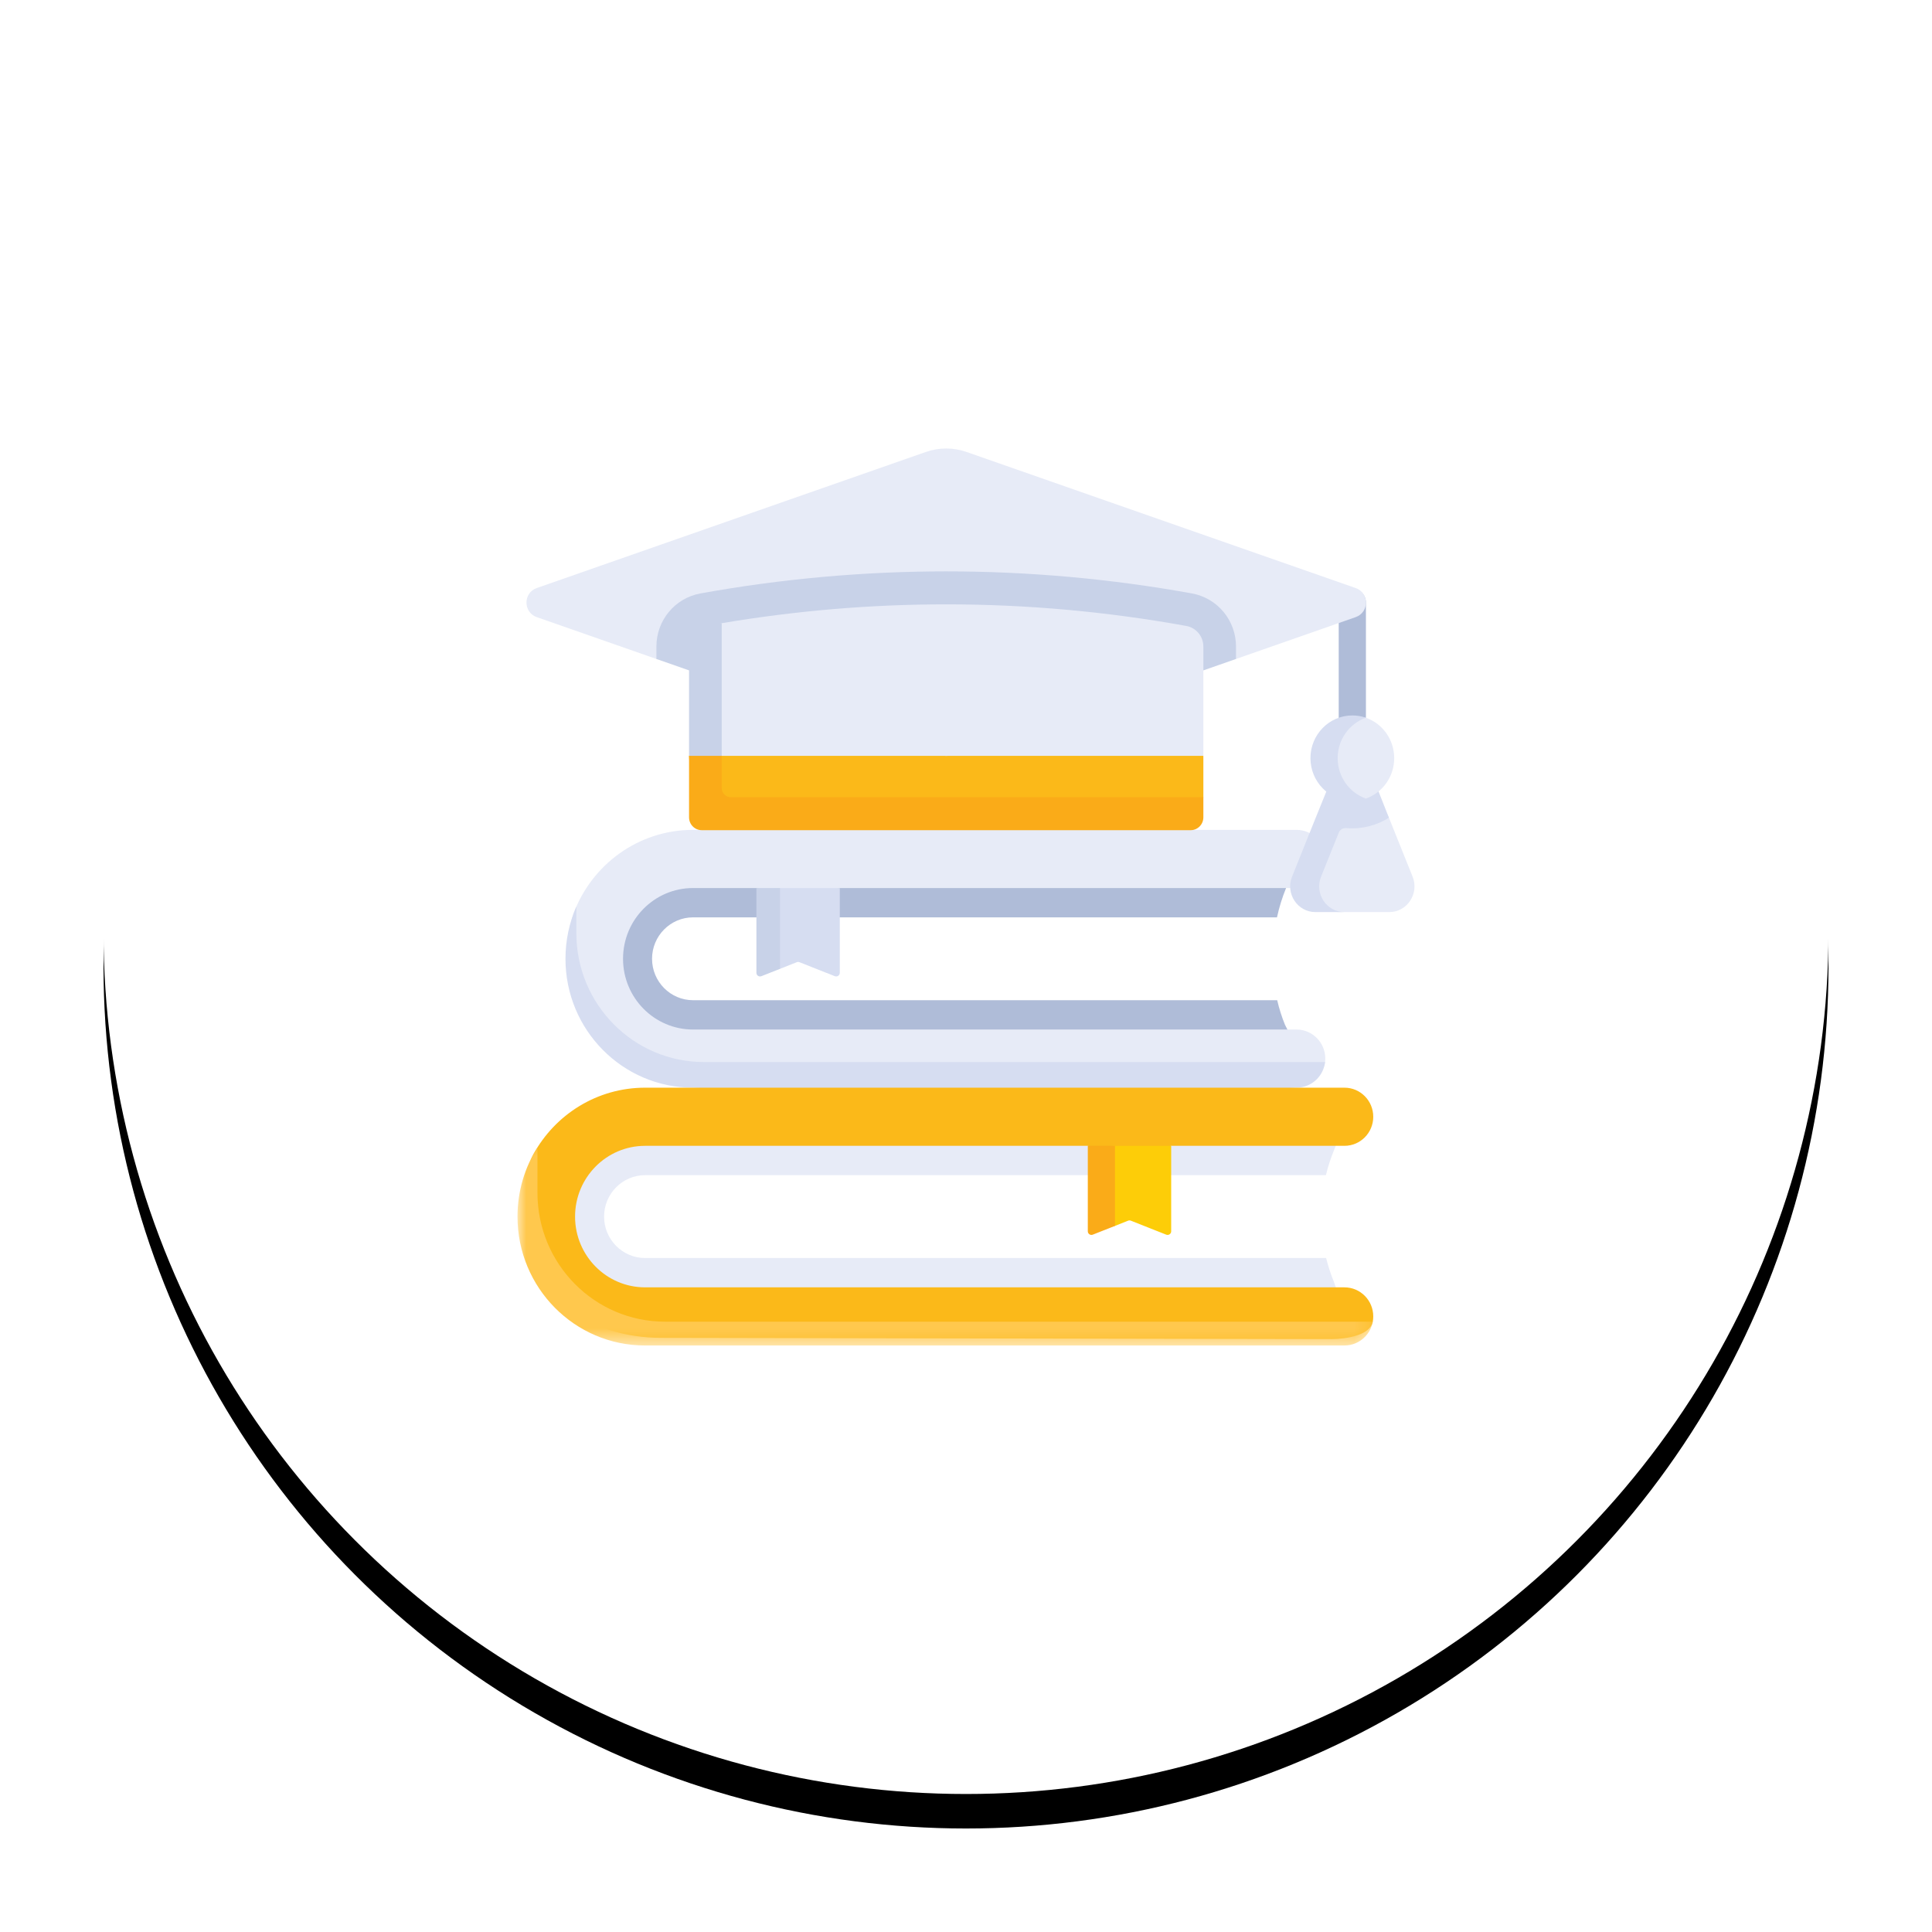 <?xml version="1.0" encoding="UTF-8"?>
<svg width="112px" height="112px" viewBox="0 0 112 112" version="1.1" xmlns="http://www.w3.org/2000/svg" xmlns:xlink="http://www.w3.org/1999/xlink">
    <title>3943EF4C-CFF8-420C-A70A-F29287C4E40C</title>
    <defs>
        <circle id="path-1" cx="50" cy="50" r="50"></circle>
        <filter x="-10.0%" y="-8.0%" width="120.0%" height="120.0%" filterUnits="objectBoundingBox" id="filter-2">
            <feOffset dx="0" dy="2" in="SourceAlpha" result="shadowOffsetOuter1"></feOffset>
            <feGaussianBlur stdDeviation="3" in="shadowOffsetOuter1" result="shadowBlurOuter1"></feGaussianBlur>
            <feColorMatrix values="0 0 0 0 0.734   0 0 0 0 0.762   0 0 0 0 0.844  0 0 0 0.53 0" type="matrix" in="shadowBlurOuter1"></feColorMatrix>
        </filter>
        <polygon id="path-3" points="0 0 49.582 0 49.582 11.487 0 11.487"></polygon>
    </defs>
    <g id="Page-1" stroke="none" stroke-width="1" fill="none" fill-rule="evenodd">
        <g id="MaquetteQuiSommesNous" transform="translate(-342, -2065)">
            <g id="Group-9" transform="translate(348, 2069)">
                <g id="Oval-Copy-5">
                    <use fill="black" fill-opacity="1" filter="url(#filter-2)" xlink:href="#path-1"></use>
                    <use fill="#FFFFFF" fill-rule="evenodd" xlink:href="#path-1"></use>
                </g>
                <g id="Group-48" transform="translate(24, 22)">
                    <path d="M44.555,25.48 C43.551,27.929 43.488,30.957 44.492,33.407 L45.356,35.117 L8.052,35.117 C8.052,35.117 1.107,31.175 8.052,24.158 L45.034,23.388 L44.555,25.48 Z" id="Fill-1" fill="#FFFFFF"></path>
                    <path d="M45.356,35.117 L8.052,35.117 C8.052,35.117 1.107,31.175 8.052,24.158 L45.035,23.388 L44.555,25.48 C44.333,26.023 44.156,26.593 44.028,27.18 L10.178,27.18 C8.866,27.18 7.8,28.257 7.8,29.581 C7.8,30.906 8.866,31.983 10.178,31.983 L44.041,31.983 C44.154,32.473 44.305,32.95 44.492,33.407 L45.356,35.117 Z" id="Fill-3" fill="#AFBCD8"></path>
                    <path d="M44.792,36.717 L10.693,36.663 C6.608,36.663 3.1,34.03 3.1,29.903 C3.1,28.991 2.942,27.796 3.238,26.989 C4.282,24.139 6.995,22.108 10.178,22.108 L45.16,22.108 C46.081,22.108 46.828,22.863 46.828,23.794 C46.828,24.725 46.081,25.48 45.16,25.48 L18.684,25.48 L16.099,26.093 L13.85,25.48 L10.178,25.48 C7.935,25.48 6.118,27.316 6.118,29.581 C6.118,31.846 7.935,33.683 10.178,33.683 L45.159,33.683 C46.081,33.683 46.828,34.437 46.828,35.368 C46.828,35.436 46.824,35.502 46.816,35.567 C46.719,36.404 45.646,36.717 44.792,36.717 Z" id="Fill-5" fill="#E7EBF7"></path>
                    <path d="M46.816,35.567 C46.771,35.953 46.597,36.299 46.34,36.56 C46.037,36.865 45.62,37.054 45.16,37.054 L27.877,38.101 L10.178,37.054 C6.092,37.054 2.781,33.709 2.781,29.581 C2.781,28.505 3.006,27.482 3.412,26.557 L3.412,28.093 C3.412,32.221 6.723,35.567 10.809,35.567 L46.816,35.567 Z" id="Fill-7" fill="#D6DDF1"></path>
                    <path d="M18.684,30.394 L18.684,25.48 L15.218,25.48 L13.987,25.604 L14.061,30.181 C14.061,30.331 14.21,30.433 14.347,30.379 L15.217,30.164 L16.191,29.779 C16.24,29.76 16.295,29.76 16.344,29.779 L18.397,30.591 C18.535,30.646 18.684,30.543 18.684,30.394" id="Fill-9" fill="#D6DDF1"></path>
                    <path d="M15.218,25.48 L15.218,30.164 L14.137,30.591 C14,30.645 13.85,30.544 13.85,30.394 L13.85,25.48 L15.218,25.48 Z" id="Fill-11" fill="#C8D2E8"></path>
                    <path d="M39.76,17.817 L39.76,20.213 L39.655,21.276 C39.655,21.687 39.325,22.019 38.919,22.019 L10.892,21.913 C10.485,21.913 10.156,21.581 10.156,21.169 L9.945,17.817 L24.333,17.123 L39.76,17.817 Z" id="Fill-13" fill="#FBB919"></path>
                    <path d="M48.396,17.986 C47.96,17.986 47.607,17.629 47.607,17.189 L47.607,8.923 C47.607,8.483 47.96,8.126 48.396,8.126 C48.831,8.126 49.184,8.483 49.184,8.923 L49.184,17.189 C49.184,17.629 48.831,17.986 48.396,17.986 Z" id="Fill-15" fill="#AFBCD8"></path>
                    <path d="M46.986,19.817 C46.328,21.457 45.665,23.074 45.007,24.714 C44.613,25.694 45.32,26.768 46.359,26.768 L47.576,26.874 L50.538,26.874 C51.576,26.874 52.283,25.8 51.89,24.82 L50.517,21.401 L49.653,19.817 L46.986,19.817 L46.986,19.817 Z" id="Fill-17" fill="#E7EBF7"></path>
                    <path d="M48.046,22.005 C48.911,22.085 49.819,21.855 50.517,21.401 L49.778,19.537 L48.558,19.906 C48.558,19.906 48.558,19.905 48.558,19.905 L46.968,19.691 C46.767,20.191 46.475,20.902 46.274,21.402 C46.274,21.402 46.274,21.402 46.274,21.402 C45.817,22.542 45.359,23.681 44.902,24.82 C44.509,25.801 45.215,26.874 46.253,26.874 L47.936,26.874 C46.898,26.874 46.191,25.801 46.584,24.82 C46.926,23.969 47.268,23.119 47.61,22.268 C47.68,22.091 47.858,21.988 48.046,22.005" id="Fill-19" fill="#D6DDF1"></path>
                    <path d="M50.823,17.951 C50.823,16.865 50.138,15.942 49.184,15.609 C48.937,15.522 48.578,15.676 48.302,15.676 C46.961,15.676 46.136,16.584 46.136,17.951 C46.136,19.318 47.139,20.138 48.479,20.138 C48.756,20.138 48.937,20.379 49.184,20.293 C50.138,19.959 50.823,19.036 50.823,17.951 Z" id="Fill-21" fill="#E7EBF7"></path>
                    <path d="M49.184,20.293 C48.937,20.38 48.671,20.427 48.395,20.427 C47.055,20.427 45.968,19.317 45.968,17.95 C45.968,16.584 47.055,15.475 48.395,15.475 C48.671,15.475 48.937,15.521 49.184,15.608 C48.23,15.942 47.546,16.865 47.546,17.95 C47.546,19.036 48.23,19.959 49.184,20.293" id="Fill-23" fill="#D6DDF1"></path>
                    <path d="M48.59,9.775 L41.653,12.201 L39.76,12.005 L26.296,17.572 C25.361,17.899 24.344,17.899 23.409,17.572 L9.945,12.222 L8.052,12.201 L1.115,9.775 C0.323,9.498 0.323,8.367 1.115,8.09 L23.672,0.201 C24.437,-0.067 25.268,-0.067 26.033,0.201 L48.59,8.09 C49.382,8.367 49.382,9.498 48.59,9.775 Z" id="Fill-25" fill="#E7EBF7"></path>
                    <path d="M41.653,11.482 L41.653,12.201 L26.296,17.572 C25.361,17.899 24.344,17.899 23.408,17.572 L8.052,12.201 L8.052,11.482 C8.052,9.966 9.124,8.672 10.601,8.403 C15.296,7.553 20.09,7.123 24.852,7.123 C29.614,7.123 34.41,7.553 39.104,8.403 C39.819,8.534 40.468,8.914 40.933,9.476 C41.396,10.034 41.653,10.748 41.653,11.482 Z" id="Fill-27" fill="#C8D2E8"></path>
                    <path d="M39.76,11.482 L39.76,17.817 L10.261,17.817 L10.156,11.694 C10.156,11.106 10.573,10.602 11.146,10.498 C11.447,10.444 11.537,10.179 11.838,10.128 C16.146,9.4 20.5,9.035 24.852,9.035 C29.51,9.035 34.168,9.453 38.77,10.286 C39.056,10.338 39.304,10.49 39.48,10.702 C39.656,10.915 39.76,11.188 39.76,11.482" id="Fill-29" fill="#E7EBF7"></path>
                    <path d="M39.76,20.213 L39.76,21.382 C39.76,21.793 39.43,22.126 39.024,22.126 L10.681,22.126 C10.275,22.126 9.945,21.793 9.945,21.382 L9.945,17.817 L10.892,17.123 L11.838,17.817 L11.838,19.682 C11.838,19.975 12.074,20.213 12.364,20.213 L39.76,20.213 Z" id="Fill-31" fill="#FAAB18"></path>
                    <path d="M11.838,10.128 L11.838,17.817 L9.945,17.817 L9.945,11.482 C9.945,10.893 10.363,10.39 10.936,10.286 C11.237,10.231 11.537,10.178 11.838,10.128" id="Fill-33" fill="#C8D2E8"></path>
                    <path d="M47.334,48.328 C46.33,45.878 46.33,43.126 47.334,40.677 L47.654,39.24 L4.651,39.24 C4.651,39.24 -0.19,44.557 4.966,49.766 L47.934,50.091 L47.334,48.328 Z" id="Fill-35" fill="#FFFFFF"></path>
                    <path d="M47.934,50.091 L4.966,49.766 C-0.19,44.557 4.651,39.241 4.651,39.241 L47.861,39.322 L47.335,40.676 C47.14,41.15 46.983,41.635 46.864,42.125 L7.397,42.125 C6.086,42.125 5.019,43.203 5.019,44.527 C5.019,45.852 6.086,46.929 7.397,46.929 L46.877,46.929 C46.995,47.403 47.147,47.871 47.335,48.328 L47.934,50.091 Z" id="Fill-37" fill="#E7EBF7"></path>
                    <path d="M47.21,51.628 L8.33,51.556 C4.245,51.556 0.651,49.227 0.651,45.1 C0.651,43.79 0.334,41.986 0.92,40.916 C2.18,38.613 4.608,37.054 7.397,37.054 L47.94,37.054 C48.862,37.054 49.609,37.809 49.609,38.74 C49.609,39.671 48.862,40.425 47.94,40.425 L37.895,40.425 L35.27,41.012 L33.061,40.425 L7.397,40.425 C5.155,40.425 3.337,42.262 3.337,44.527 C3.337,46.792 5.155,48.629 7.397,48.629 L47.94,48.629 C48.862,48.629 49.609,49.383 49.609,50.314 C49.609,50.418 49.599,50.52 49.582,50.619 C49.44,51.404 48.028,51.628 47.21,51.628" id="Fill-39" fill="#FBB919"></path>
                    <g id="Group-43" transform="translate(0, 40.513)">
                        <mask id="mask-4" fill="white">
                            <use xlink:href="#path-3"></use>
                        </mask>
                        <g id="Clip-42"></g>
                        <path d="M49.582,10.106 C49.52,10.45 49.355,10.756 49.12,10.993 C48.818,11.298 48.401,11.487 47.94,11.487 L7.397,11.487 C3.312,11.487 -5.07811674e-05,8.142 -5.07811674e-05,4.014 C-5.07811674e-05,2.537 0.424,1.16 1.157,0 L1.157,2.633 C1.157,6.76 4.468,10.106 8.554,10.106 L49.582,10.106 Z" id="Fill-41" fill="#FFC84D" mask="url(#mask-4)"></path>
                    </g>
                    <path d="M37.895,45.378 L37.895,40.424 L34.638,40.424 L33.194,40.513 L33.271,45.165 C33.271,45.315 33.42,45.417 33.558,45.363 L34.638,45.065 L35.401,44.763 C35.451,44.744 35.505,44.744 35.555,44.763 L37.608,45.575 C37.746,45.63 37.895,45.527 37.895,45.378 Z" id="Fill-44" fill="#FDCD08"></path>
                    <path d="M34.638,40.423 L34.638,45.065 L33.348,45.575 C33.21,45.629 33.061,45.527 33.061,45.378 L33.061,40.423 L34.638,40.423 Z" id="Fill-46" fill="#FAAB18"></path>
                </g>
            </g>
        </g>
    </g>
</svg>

----------

DIRECTIONS FOR THIS TASK
After locating the line with "L39.76,21.382 C39.76,21.793 39.43,22.126" in the material above, return it and each line after it exactly, ending at the line with "L4.966,49.766 C-0.19,44.557 4.651,39.241".

RESULT FOR THIS EXERCISE
                    <path d="M39.76,20.213 L39.76,21.382 C39.76,21.793 39.43,22.126 39.024,22.126 L10.681,22.126 C10.275,22.126 9.945,21.793 9.945,21.382 L9.945,17.817 L10.892,17.123 L11.838,17.817 L11.838,19.682 C11.838,19.975 12.074,20.213 12.364,20.213 L39.76,20.213 Z" id="Fill-31" fill="#FAAB18"></path>
                    <path d="M11.838,10.128 L11.838,17.817 L9.945,17.817 L9.945,11.482 C9.945,10.893 10.363,10.39 10.936,10.286 C11.237,10.231 11.537,10.178 11.838,10.128" id="Fill-33" fill="#C8D2E8"></path>
                    <path d="M47.334,48.328 C46.33,45.878 46.33,43.126 47.334,40.677 L47.654,39.24 L4.651,39.24 C4.651,39.24 -0.19,44.557 4.966,49.766 L47.934,50.091 L47.334,48.328 Z" id="Fill-35" fill="#FFFFFF"></path>
                    <path d="M47.934,50.091 L4.966,49.766 C-0.19,44.557 4.651,39.241 4.651,39.241 L47.861,39.322 L47.335,40.676 C47.14,41.15 46.983,41.635 46.864,42.125 L7.397,42.125 C6.086,42.125 5.019,43.203 5.019,44.527 C5.019,45.852 6.086,46.929 7.397,46.929 L46.877,46.929 C46.995,47.403 47.147,47.871 47.335,48.328 L47.934,50.091 Z" id="Fill-37" fill="#E7EBF7"></path>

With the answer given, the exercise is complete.